It may seem odd, even inappropriate, to discuss the “late period” of an artist who died in his early thirties; yet Schubert condensed the artistic productivity of a lifetime into his remarkably brief career, and moreover persevered in his final years with the knowledge of a mortal illness. Professionally and compositionally, Schubert entered a new stage during the final two years of his life, the period, significantly, coinciding with Beethoven’s final sickness and death twenty months before his own. Now thirty years old, and at the peak of his creative powers, Schubert surpassed even what Beethoven had accomplished at the same age. (Had Beethoven carried out the suicide he apparently contemplated around the time of the Heiligenstadt Testament [1802], in other words at the very age Schubert died, the extent of his compositional legacy would hardly match Schubert’s.)

Beethoven’s death in March 1827 may have spurred Schubert to new artistic heights and provided the impetus for him to seek wider public attention. As early as 1823 a “public Schubertiade” was contemplated, an Akademie entirely of Schubert’s music (SDB 314). Such events were infrequent, even for Beethoven. His last, in 1824, which saw the première of the Ninth Symphony, prompted Schubert to write: “God willing, I too am thinking of giving a similar concert next year” (SDB 339); but nothing came of this plan until the first anniversary of Beethoven’s death (March 26, 1828), just eight months before Schubert died.

Schubert’s sole concert proved popularly and financially successful even though it was overshadowed by Paganini’s first appearances in Vienna three days later. Publications of large-scale instrumental compositions were the essential next step in Schubert’s career. With new assertiveness, Schubert now entered into protracted negotiations with prominent foreign publishers in the hope of giving his “works greater currency abroad” (SDB 739). The Leipzig publisher Heinrich Albert Probst met Schubert during a visit to Vienna in the spring of 1827. Writing the following February, Probst praised songs and piano compositions which “convince me more and more that it would be easy to disseminate your name throughout the rest of Germany and the North, in which I will gladly lend a hand, considering your talents” (SDB 735).
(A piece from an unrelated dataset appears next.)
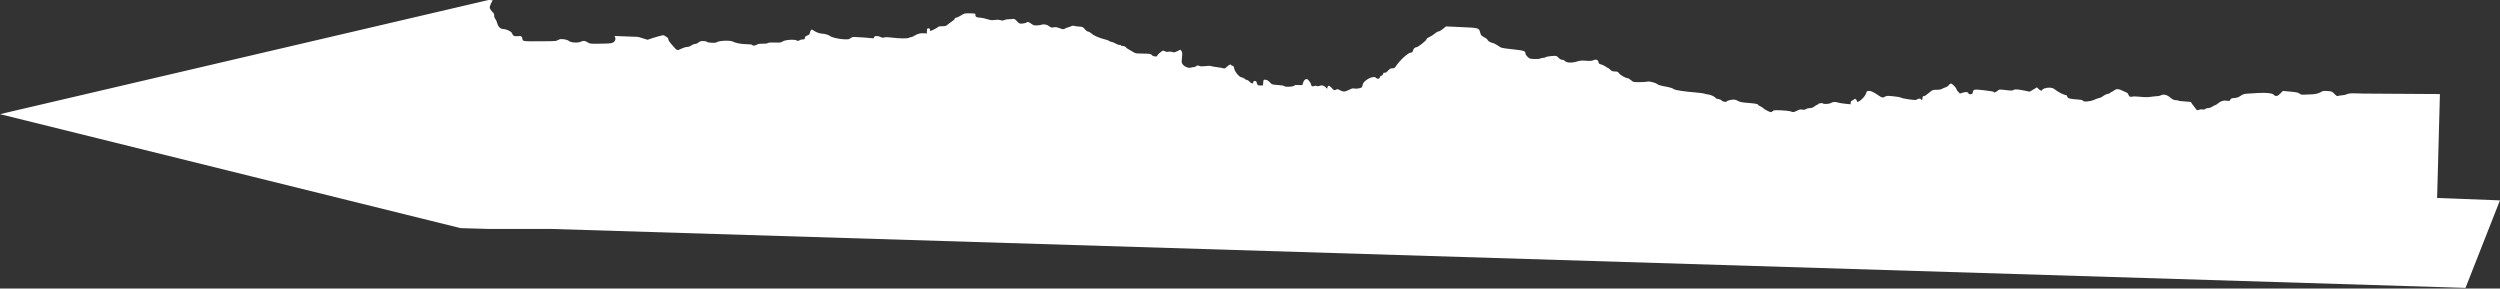 <?xml version="1.0" encoding="UTF-8"?> <svg xmlns="http://www.w3.org/2000/svg" width="1993" height="230" viewBox="0 0 1993 230" fill="none"><rect x="0" y="0" width="1993" height="230" fill="#333333" stroke="none"/> <path fill-rule="evenodd" clip-rule="evenodd" d="M0 91L367.17 181.865L389.45 182.5H438.84L1965.5 229.5L1992.96 159.732L1942.86 157.831C1943 152.706 1943.15 147.129 1943.32 141.052L1945.1 74.986L1883.92 74.605C1874.27 74.277 1872.51 74.336 1871.08 75.042C1870.17 75.492 1868.46 75.905 1867.27 75.96C1866.09 76.015 1864.62 76.239 1864.02 76.46C1863.11 76.787 1862.57 76.496 1860.99 74.849C1859.17 72.947 1858.87 72.823 1855.52 72.567C1852.6 72.345 1851.7 72.47 1850.47 73.273C1848.58 74.499 1845.33 75.248 1841.86 75.256C1840.38 75.26 1838.12 75.35 1836.83 75.457C1835.01 75.61 1834.2 75.425 1833.17 74.613C1832.1 73.779 1830.66 73.466 1825.87 73.039L1819.9 72.505L1817.9 74.551C1815.69 76.814 1814.06 77.13 1812.69 75.562C1811.56 74.277 1806.62 73.732 1799.89 74.151C1798.64 74.228 1797.21 74.317 1795.85 74.401C1794.14 74.508 1792.55 74.607 1791.57 74.668C1789.05 74.825 1787.92 75.19 1786.15 76.418C1784.5 77.559 1783.2 78.017 1781.22 78.147C1778.99 78.294 1778.44 78.524 1778.01 79.495C1777.54 80.557 1777.27 80.631 1775.2 80.288C1772.59 79.858 1770.51 80.508 1768.09 82.516C1767.22 83.232 1766.28 83.811 1766 83.803C1765.71 83.794 1764.66 84.335 1763.65 85.004C1762.63 85.682 1761.12 86.201 1760.24 86.176C1759.37 86.151 1758.38 86.456 1758.05 86.853C1757.64 87.329 1756.96 87.461 1756.02 87.24C1755.25 87.055 1753.91 87.183 1753.06 87.522C1751.62 88.095 1751.44 88.049 1750.61 86.881C1750.11 86.189 1749.1 84.883 1748.37 83.98C1747.63 83.077 1746.94 82.052 1746.84 81.702C1746.71 81.258 1745.23 81.006 1741.96 80.872C1739.37 80.766 1737.1 80.508 1736.91 80.299C1736.72 80.09 1735.67 79.893 1734.57 79.861C1733 79.814 1732.04 79.354 1730.06 77.703C1727.36 75.45 1724.74 74.882 1722.51 76.068C1721.92 76.386 1720.66 76.652 1719.72 76.659C1718.78 76.666 1716.47 76.906 1714.58 77.191C1712.22 77.548 1709.59 77.537 1706.19 77.158C1703.45 76.851 1700.67 76.784 1699.95 77.008C1698.26 77.54 1697.33 77.091 1696.8 75.488C1696.56 74.77 1695.97 74.047 1695.5 73.882C1695.03 73.717 1693.75 73.13 1692.65 72.579C1689.01 70.743 1687.36 70.626 1685.44 72.063C1684.5 72.766 1683.53 73.334 1683.27 73.327C1683.02 73.32 1682.53 73.648 1682.18 74.057C1681.84 74.466 1681.17 74.79 1680.69 74.776C1679.7 74.748 1678.13 75.493 1675.92 77.05C1675.05 77.654 1673.98 78.137 1673.53 78.124C1673.08 78.111 1671.27 78.745 1669.5 79.532C1666.04 81.079 1660.78 81.448 1660.41 80.172C1660.29 79.758 1658.91 79.47 1656.36 79.329C1650.35 78.995 1648.15 78.386 1648 77.016C1647.93 76.314 1647.54 75.861 1647 75.846C1645.54 75.805 1641.07 73.574 1638.71 71.714C1636.82 70.222 1636.09 69.953 1633.71 69.886C1631.08 69.811 1628.06 70.862 1628.03 71.863C1628.01 72.707 1626.31 72.154 1625.14 70.922L1623.91 69.631L1620.97 71.357L1618.03 73.084L1614.61 72.37C1608.66 71.13 1606.09 70.958 1605.17 71.735C1604.47 72.319 1603.42 72.333 1599.09 71.819C1593.87 71.198 1593.86 71.2 1592.32 72.467C1590.8 73.722 1589.38 74.109 1589.41 73.262C1589.41 73.022 1586.02 72.444 1581.86 71.977C1573.61 71.048 1573.04 71.15 1572.7 73.64C1572.54 74.757 1572.23 75.013 1570.92 75.106C1570.05 75.169 1569.34 74.986 1569.34 74.699C1569.38 73.425 1567.47 73.042 1564.95 73.817L1562.45 74.588L1561.06 73.117C1560.29 72.308 1559.66 71.403 1559.66 71.107C1559.66 70.117 1556.37 66.668 1555.4 66.64C1554.88 66.625 1554.08 67.162 1553.63 67.832C1553.18 68.504 1552 69.304 1551 69.611C1550.01 69.918 1548.68 70.498 1548.05 70.899C1547.37 71.333 1545.66 71.613 1543.84 71.59C1541.18 71.557 1540.54 71.748 1538.99 73.023C1535.41 75.978 1534.35 76.683 1533.52 76.666C1532.89 76.653 1532.65 77.062 1532.62 78.17C1532.58 79.663 1531.94 80.165 1531.37 79.149C1530.95 78.397 1529.15 78.466 1528.23 79.268C1527.57 79.85 1526.55 79.841 1521.79 79.207C1518.69 78.793 1515.85 78.187 1515.48 77.861C1515.12 77.534 1512.37 77.034 1509.37 76.749C1504.77 76.312 1503.75 76.353 1502.78 77.013C1501.14 78.136 1500.24 77.965 1497.4 75.991C1493.6 73.352 1491.4 72.35 1489.69 72.476C1488.37 72.572 1488.07 72.857 1487.66 74.352C1486.78 77.587 1480.23 83.104 1480.3 80.547C1480.31 80.163 1479.99 79.552 1479.59 79.188C1479 78.653 1478.7 78.666 1478 79.258C1477.53 79.659 1476.75 80.118 1476.27 80.278C1475.76 80.451 1475.4 81.087 1475.38 81.854L1475.34 83.141L1471.08 82.721C1468.74 82.489 1466.19 82.073 1465.42 81.795C1463.23 81.009 1461.24 81.123 1459.55 82.128C1458.1 82.994 1453.83 83.181 1453.13 82.41C1452.71 81.95 1449.74 82.366 1449.54 82.912C1449.45 83.186 1449.15 83.404 1448.89 83.396C1448.63 83.389 1447.59 84.012 1446.57 84.781C1445.32 85.738 1444.15 86.17 1442.89 86.149C1441.88 86.132 1440.47 86.487 1439.77 86.938C1438.85 87.527 1437.99 87.65 1436.75 87.371C1435.39 87.064 1434.47 87.263 1432.41 88.306C1429.95 89.557 1429.69 89.589 1427.72 88.892C1426.52 88.469 1423.15 88.065 1419.79 87.942C1414.79 87.76 1413.84 87.854 1413.19 88.595C1412.78 89.072 1412.14 89.454 1411.78 89.443C1410.83 89.416 1406.04 86.899 1405.66 86.231C1405.49 85.92 1404.5 85.283 1403.46 84.816C1402.42 84.35 1401.57 83.789 1401.58 83.571C1401.6 82.897 1399.41 82.487 1393.26 82.014C1388.68 81.662 1386.99 81.328 1385.69 80.522C1384.77 79.951 1383.33 79.442 1382.48 79.391C1380.61 79.279 1376.92 80.172 1376.49 80.84C1375.91 81.77 1372.85 80.952 1371.9 79.61C1371.77 79.428 1370.79 79.133 1369.73 78.955C1368.67 78.776 1367.72 78.378 1367.63 78.07C1367.39 77.223 1363.47 75.381 1361.81 75.334C1361.01 75.311 1359.77 75.044 1359.06 74.74C1358.35 74.436 1355.22 73.985 1352.1 73.737C1342.85 73.003 1335.2 71.848 1334.34 71.056C1333.43 70.227 1331.02 69.543 1325.79 68.631C1323.66 68.26 1321.75 67.619 1321.2 67.086C1320.04 65.978 1314.57 64.579 1313.34 65.076C1312.85 65.274 1310.11 65.448 1307.25 65.463C1302.11 65.49 1302.03 65.473 1300.26 63.928C1299.28 63.069 1298.07 62.355 1297.58 62.341C1295.93 62.294 1291.45 59.736 1290.65 58.384C1289.97 57.244 1289.5 57.036 1287.45 56.978C1285.56 56.924 1284.77 56.63 1283.76 55.604C1283.06 54.886 1282.31 54.294 1282.1 54.288C1281.89 54.282 1280.89 53.699 1279.87 52.992C1278.86 52.285 1277.25 51.531 1276.29 51.316C1274.88 51 1274.51 50.648 1274.29 49.448C1273.95 47.594 1272.29 47.019 1270.2 48.028C1269.07 48.573 1267.59 48.674 1264.37 48.425C1260.94 48.16 1259.46 48.282 1257.2 49.018C1253.36 50.267 1248.97 50.139 1247.7 48.742C1247.18 48.169 1246.12 47.682 1245.36 47.66C1244.47 47.635 1243.41 47.04 1242.44 46.015C1240.92 44.425 1240.87 44.411 1237.15 44.648C1235.08 44.779 1232.9 45.191 1232.29 45.564C1231.69 45.937 1230.54 46.223 1229.74 46.2C1228.94 46.178 1228.15 46.383 1227.97 46.657C1227.8 46.932 1225.81 47.103 1223.56 47.039C1219.66 46.928 1219.37 46.839 1217.77 45.299C1216.85 44.407 1216.09 43.301 1216.1 42.841C1216.11 40.628 1215.27 40.336 1205.86 39.29C1196.82 38.285 1196.8 38.28 1194.24 36.425C1192.82 35.403 1190.77 34.386 1189.66 34.167C1187.82 33.802 1185.97 32.519 1185.58 31.332C1185.49 31.068 1184.34 30.28 1183.01 29.581C1180.89 28.46 1180.53 28.031 1180 25.962C1179.03 22.237 1178.96 22.219 1165.04 21.61L1152.73 21.071L1150.28 23.081C1148.93 24.187 1147.37 25.079 1146.8 25.063C1146.24 25.047 1144.9 25.808 1143.84 26.754C1142.77 27.7 1140.87 28.912 1139.61 29.448C1138.35 29.984 1137.32 30.726 1137.31 31.097C1137.28 32.175 1131.02 37.276 1129.37 37.571C1127.64 37.879 1126.93 38.581 1126.37 40.516C1126.09 41.51 1125.65 41.898 1124.78 41.919C1122.53 41.973 1115.83 48.113 1112.61 53.063C1111.87 54.205 1111.32 54.498 1109.98 54.46C1108.62 54.421 1107.92 54.799 1106.52 56.335C1105.31 57.66 1104.48 58.172 1103.85 57.982C1103.17 57.776 1102.84 58.044 1102.58 59.016C1102.35 59.845 1101.89 60.319 1101.31 60.302C1100.74 60.286 1100.27 60.753 1100.05 61.535C1099.81 62.428 1099.38 62.784 1098.58 62.761C1097.95 62.744 1097.32 62.527 1097.19 62.28C1096.54 61.125 1093.96 61.158 1091.65 62.351C1088.31 64.076 1086.58 65.871 1086.19 68.013C1085.88 69.704 1085.67 69.888 1083.52 70.397C1082.23 70.7 1080.59 70.776 1079.87 70.566C1079.04 70.325 1077.93 70.47 1076.86 70.96C1075.92 71.386 1074.42 72.069 1073.52 72.478C1071.7 73.303 1070.31 73.123 1067.88 71.749C1066.6 71.023 1066.05 70.944 1065.33 71.381C1063.91 72.249 1063.1 72.018 1061.92 70.401C1061.32 69.578 1060.34 68.738 1059.75 68.534C1058.87 68.231 1058.62 68.403 1058.32 69.485L1057.97 70.806L1056.69 69.468C1055.34 68.044 1053.7 67.748 1051.53 68.536C1050.74 68.823 1049.99 68.827 1049.66 68.546C1049.37 68.287 1048.68 68.246 1048.14 68.456C1046.21 69.201 1045.43 68.917 1045.17 67.377C1045.04 66.561 1044.26 65.178 1043.43 64.302C1042.09 62.868 1041.81 62.768 1040.71 63.3C1039.65 63.81 1039.12 64.767 1038.36 67.485C1038.24 67.893 1037.24 67.993 1035.22 67.799C1033.04 67.591 1032.17 67.695 1031.97 68.189C1031.6 69.134 1024.44 69.621 1023.94 68.735C1023.71 68.324 1021.89 67.983 1018.8 67.772C1014.06 67.448 1013.99 67.425 1012.27 65.579C1011.04 64.261 1010.05 63.677 1008.89 63.586C1007.27 63.46 1007.25 63.493 1007.04 65.781L1006.83 68.104L1004.7 68.127C1002.66 68.149 1002.53 68.065 1002.04 66.357C1001.64 64.963 1001.26 64.556 1000.34 64.53C999.488 64.506 999.155 64.775 999.135 65.511C999.096 66.939 997.572 66.763 996.213 65.174C995.602 64.459 994.73 63.863 994.276 63.85C993.823 63.837 992.905 63.354 992.238 62.777C991.57 62.2 990.502 61.713 989.863 61.694C988.104 61.644 984.352 57.214 983.918 54.675C983.653 53.122 983.313 52.589 982.496 52.442C981.905 52.337 981.428 52.022 981.436 51.744C981.459 50.885 979.573 51.744 977.965 53.323C976.807 54.463 976.178 54.734 975.365 54.448C974.774 54.24 972.429 53.828 970.154 53.531C967.879 53.236 965.649 52.827 965.2 52.624C964.75 52.421 962.853 52.458 960.983 52.705C958.526 53.029 957.16 52.987 956.054 52.55C954.8 52.055 954.362 52.089 953.631 52.739C953.14 53.176 952.207 53.534 951.556 53.535C950.906 53.536 949.934 53.701 949.398 53.901C947.74 54.52 944.63 53.404 943.18 51.673C941.87 50.107 941.85 49.975 942.27 45.95C942.64 42.422 942.58 41.669 941.86 40.71L941.02 39.591L938.56 40.799C936.46 41.828 935.85 41.923 934.47 41.439C933.53 41.108 932.26 41.028 931.44 41.248C930.48 41.503 929.61 41.383 928.73 40.878C928.02 40.468 927.18 40.28 926.87 40.461C925.13 41.468 922.55 43.802 922.54 44.385C922.51 45.497 919.28 45.132 918.24 43.898C917.43 42.947 916.79 42.825 912.27 42.754C907.2 42.675 905.83 42.673 904.66 42.181C904.16 41.972 903.7 41.677 903.02 41.251C901.87 40.533 900.27 39.604 899.48 39.188C898.68 38.772 897.74 38.045 897.39 37.573C897.02 37.085 896.03 36.695 895.09 36.668C894.18 36.642 893.45 36.378 893.46 36.08C893.47 35.782 893.07 35.659 892.57 35.807C892.07 35.958 890.68 35.489 889.4 34.736C888.15 34 886.64 33.383 886.03 33.365C885.43 33.348 884.7 33.073 884.41 32.754C884.12 32.435 882.93 31.945 881.78 31.664C876.77 30.45 872.29 28.58 870.49 26.957C869.46 26.023 868.12 25.244 867.52 25.226C866.87 25.208 865.75 24.397 864.79 23.253C863.29 21.448 862.97 21.303 860.33 21.195C858.76 21.131 856.99 20.89 856.39 20.66C855.69 20.393 854.73 20.514 853.74 20.993C852.88 21.407 851.94 21.738 851.64 21.73C851.34 21.721 850.3 22.126 849.33 22.631C847.6 23.534 847.53 23.532 844.77 22.474C842.85 21.739 841.48 21.505 840.43 21.733C838.42 22.167 837.72 21.998 836.04 20.673C834.56 19.499 831.74 19.048 830.24 19.744C829.73 19.978 828.14 20.211 826.69 20.261C824.6 20.334 823.73 20.111 822.49 19.184C820.14 17.424 819.2 17.14 818.3 17.912C817.86 18.289 816.42 18.686 815.1 18.794C812.82 18.98 812.6 18.884 810.75 16.924C809.02 15.084 808.62 14.888 807.09 15.13C806.14 15.28 804.62 15.38 803.7 15.353C802.79 15.325 801.44 15.6 800.72 15.964C799.71 16.469 798.94 16.491 797.46 16.056C796.19 15.68 794.64 15.628 792.91 15.903C790.79 16.242 789.67 16.122 786.99 15.266C785.17 14.687 782.75 14.162 781.6 14.102C778.48 13.938 777.58 13.465 777.62 12.01C777.66 10.75 777.63 10.741 773.26 10.64C769.04 10.543 768.76 10.608 766.04 12.337C764.48 13.327 762.75 14.123 762.21 14.108C761.65 14.092 761.2 14.411 761.19 14.833C761.17 15.248 760.33 16.12 759.3 16.77C758.28 17.421 756.65 18.633 755.69 19.463C754.18 20.767 753.56 20.963 751.19 20.897C749.43 20.847 748.23 21.07 747.86 21.515C747.3 22.172 742.38 24.707 741.7 24.687C741.53 24.682 741.4 24.222 741.41 23.664C741.43 22.92 741.11 22.641 740.22 22.615C739.12 22.584 738.99 22.782 738.94 24.632L738.89 26.683L736.82 26.522C733.82 26.29 731.62 26.836 728.97 28.476C727.68 29.271 726.43 29.791 726.2 29.631C725.96 29.471 725.35 29.656 724.83 30.042C723.75 30.844 717.28 30.79 710.49 29.921C707.94 29.595 705.83 29.571 704.96 29.857C703.89 30.212 703.13 30.104 701.71 29.393C699.65 28.355 696.83 28.583 696.8 29.791C696.78 30.49 696.06 30.76 695.07 30.442C694.51 30.262 683.2 29.482 680.76 29.455C679.8 29.445 678.65 29.861 678.01 30.453C677.07 31.318 676.31 31.447 672.8 31.321C668.73 31.177 662.85 29.775 661.59 28.653C660.63 27.792 657.35 26.857 655.04 26.789C653.13 26.731 649.86 25.407 648.01 23.939C646.95 23.097 646.18 23.8 645.67 26.091C645.37 27.444 644.95 27.88 643.59 28.299C642.29 28.695 641.83 29.141 641.69 30.148C641.53 31.271 641.26 31.467 639.93 31.43C639.07 31.405 637.87 31.724 637.27 32.138C636.39 32.742 635.96 32.766 635.11 32.261C633.33 31.206 625.81 31.727 624.01 33.029C622.72 33.967 621.98 34.069 617.81 33.886C614.59 33.744 612.82 33.877 612.3 34.304C611.84 34.68 610.14 34.897 608.06 34.847C605.58 34.787 604.24 35.004 603.36 35.603C601.99 36.548 600.13 36.66 599.67 35.826C599.48 35.491 597.78 35.261 595.38 35.245C591.13 35.217 586.34 34.326 584.37 33.198C582.18 31.941 572.87 32.358 571.17 33.79C570.33 34.502 563.35 34.01 563.37 33.24C563.38 32.999 562.23 32.769 560.82 32.729C558.79 32.671 557.96 32.912 556.81 33.883C556.01 34.558 554.77 35.093 554.06 35.073C553.35 35.052 552.01 35.585 551.08 36.256C550.07 36.988 548.74 37.458 547.75 37.43C546.85 37.404 544.76 38.033 543.11 38.827C541.67 39.516 540.88 39.944 540.14 39.862C539.09 39.745 538.14 38.576 535.59 35.616C533.13 32.769 532.64 31.885 532.66 30.407C531.95 29.874 530.29 28.68 529.36 28.173C528.44 27.665 520.23 30.316 516.24 31.705L508.65 29.396L499.8 29.061L489.87 28.684C491.06 30.503 490.8 32.319 489.19 33.566C487.99 34.491 486.96 34.649 481.25 34.777C470.76 35.013 470.3 34.975 468.38 33.725C466.32 32.381 465.01 32.263 463.07 33.245C460.91 34.339 455.15 34.039 453.67 32.754C452.13 31.424 447.56 30.684 445.8 31.479C445.07 31.807 443.92 32.322 443.24 32.624C442.52 32.943 420.88 33.03 419.33 32.832C416.93 32.525 416.64 32.359 416.52 31.217C416.28 28.958 415.6 28.529 412.72 28.819C409.88 29.106 408.92 28.631 408.24 26.598C407.74 25.123 403.95 23.247 401.3 23.172C398.81 23.101 397.08 21.36 396.25 18.089C395.95 16.899 395.31 15.532 394.83 15.052C394.31 14.54 393.97 13.489 393.99 12.512C394.02 11.483 393.7 10.581 393.17 10.157C392.69 9.778 391.82 8.737 391.22 7.841C390.24 6.351 390.2 6.051 390.82 4.278C391.18 3.213 391.82 1.838 392.23 1.221C392.95 0.131 392.93 0.099 391.21 0.05L389.45 0L0 91Z" fill="white"></path> </svg>

The Mainz firm of B. Schott’s Söhne approached Schubert, claiming that it had known his works during the years when its energies were devoted to publishing Beethoven’s late works (SDB 737). Schubert offered the Piano Trio in E flat (D929), the String Quartets in D Minor (D810) and G Major (D887), Four Impromptus (D899), the F Minor Fantasy for piano four hands (D940), the Violin Fantasy in C (D934), as well as various Lieder and partsongs. To Schott he wrote, “This is the list of my finished compositions, excepting three operas, a Mass, and a symphony. These last compositions I mention only in order to make you acquainted with my strivings after the highest in art” (SDB 739–40). Once again there appears Schubert’s self-critical view of his earlier large-scale works. By this point he had written eight operas, five Masses, and seven (and a half) symphonies, but acknowledges far fewer compositions.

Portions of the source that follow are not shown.